I performed Logistic regression on a binary classification problem with data of 50000 X 370 dimensions.I got accuracy of about 90%.But when i did PCA + logistic on data, my accuracy reduced to 10%, I was very shocked to see this result. Can anybody explain what could have gone wrong?
问题:
回答1:
There is no guarantee that PCA will ever help, or not harm the learning process. In particular - if you use PCA to reduce amount of dimensions - you are removing information from your data, thus everything can happen - if the removed data was redundant, you will probably get better scores, if it was an important part of the problem - you will get worse. Even without dropping dimensions, but just "rotating" input space through PCA can both beneift and harm the process - one must remember that PCA is just a heuristic, when it comes to supervised learning.

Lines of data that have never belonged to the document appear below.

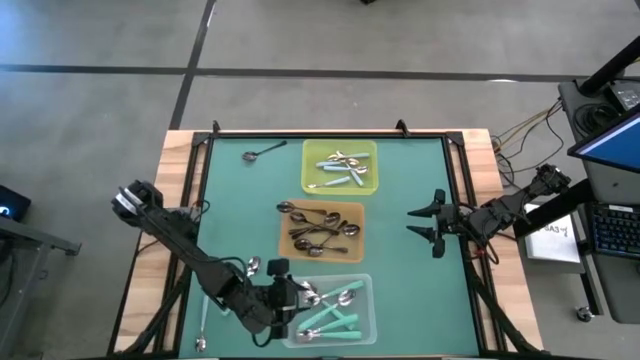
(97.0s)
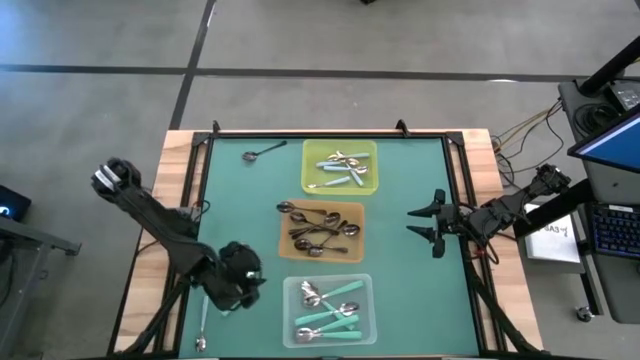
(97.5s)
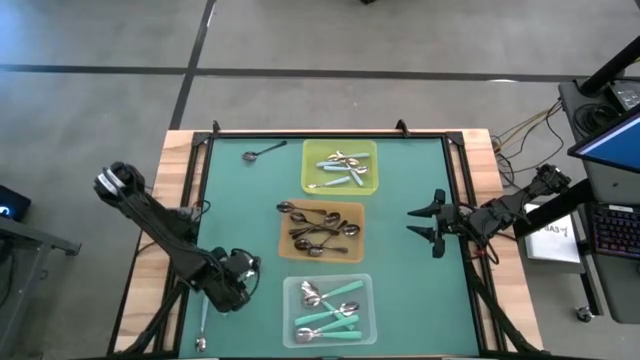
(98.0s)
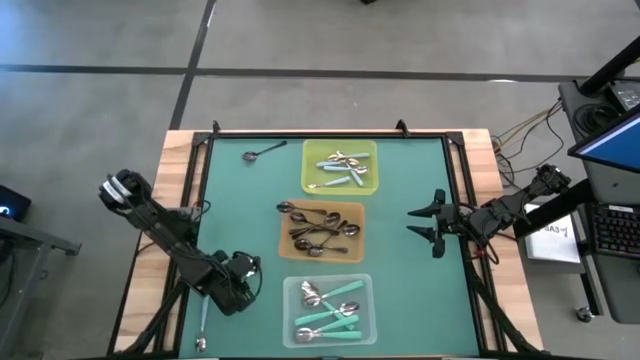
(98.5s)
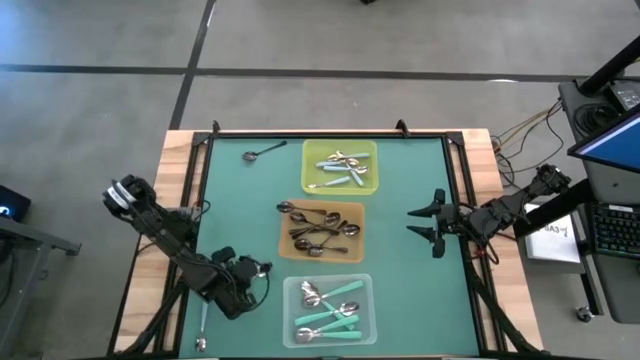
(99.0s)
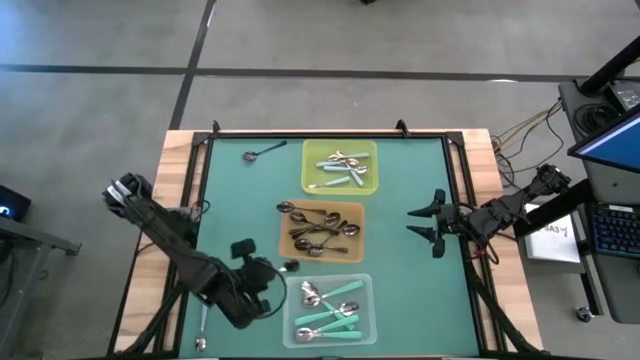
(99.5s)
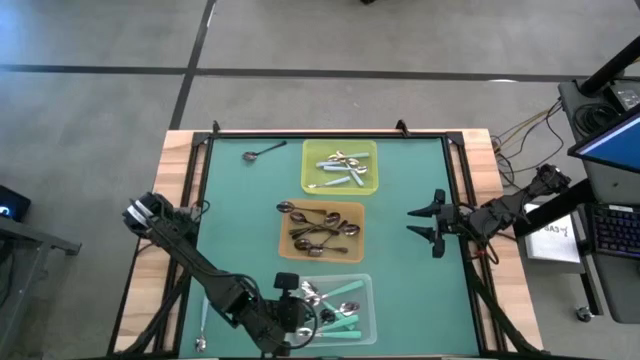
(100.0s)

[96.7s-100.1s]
Task: Sort silverware by color (type)
Put the green spoon into the transparent bin

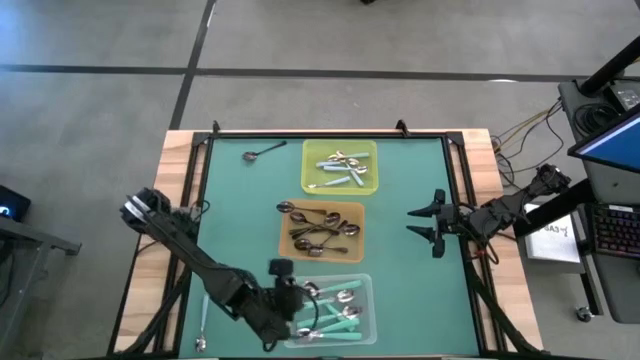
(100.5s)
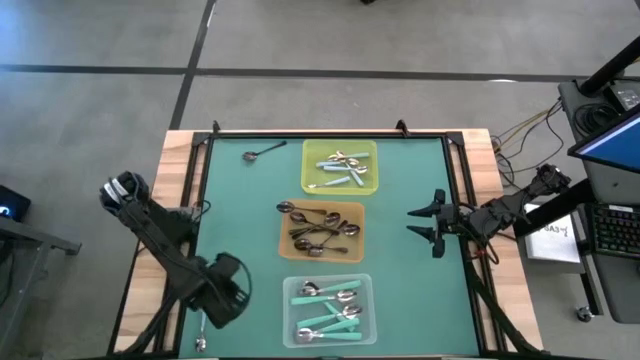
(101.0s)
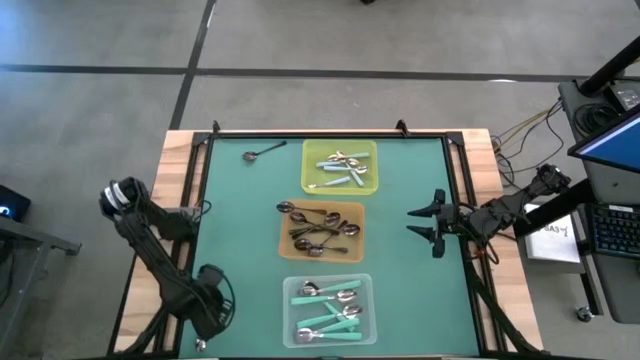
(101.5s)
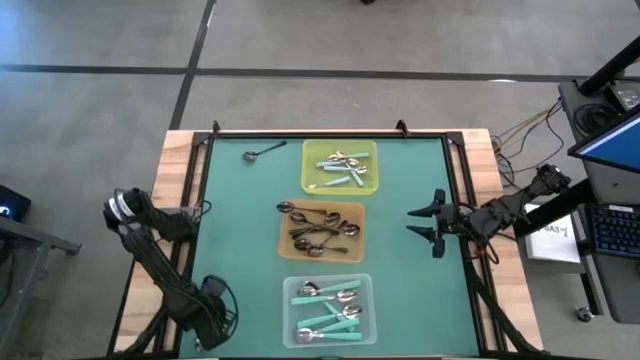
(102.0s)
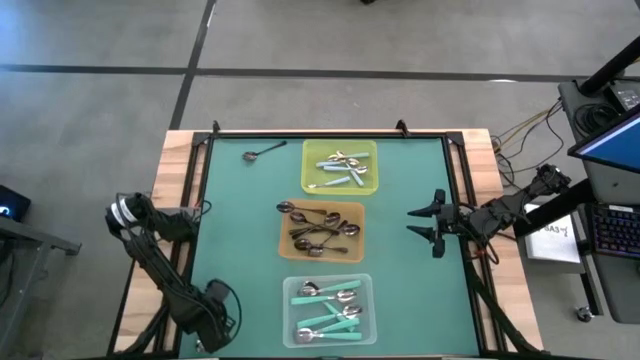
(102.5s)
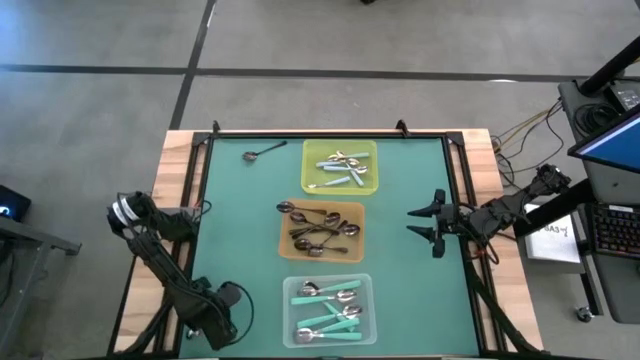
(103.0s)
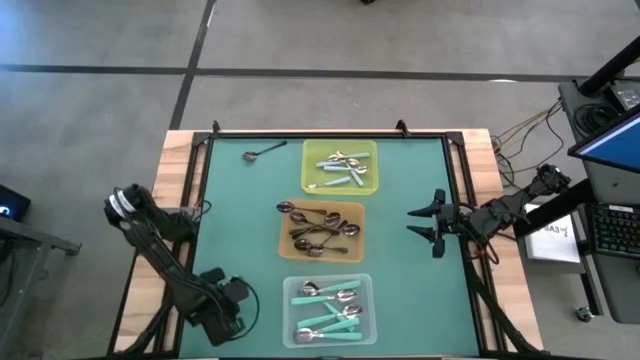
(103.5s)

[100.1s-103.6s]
Put the blue spoon into the yellow bin

The only guarantee of PCA is that each consequtive dimension will explain less and less variance, and that it is the best affine transformation in terms of explaining variance in the first K dimensions. That's all. This can be completely unrelated to actual problem, as PCA does not consider labels at all. Given any dataset PCA will transform it in a way which depends only on the positions of points - so for some labelings (consistent with general shape of the data) - it might help, but for many others (more complex patterns of labels) - it will destroy the previously detectable relations. Futhermore, as PCA leads to change of some scalings, you might need different hyperparameters of your classifier - such as regularization strength for LR.
Now getting back to your problem - I would say that in your case the problem is ... a bug in your code. you cannot drop in accuracy significantly below 50%. 10% of accuracy means, that using the opposite of your classifier would give 90% (just answering "false" when it says "true" and the other way around). So even though PCA might not help (or might even harm, as described) - in your case it is an error in your code for sure.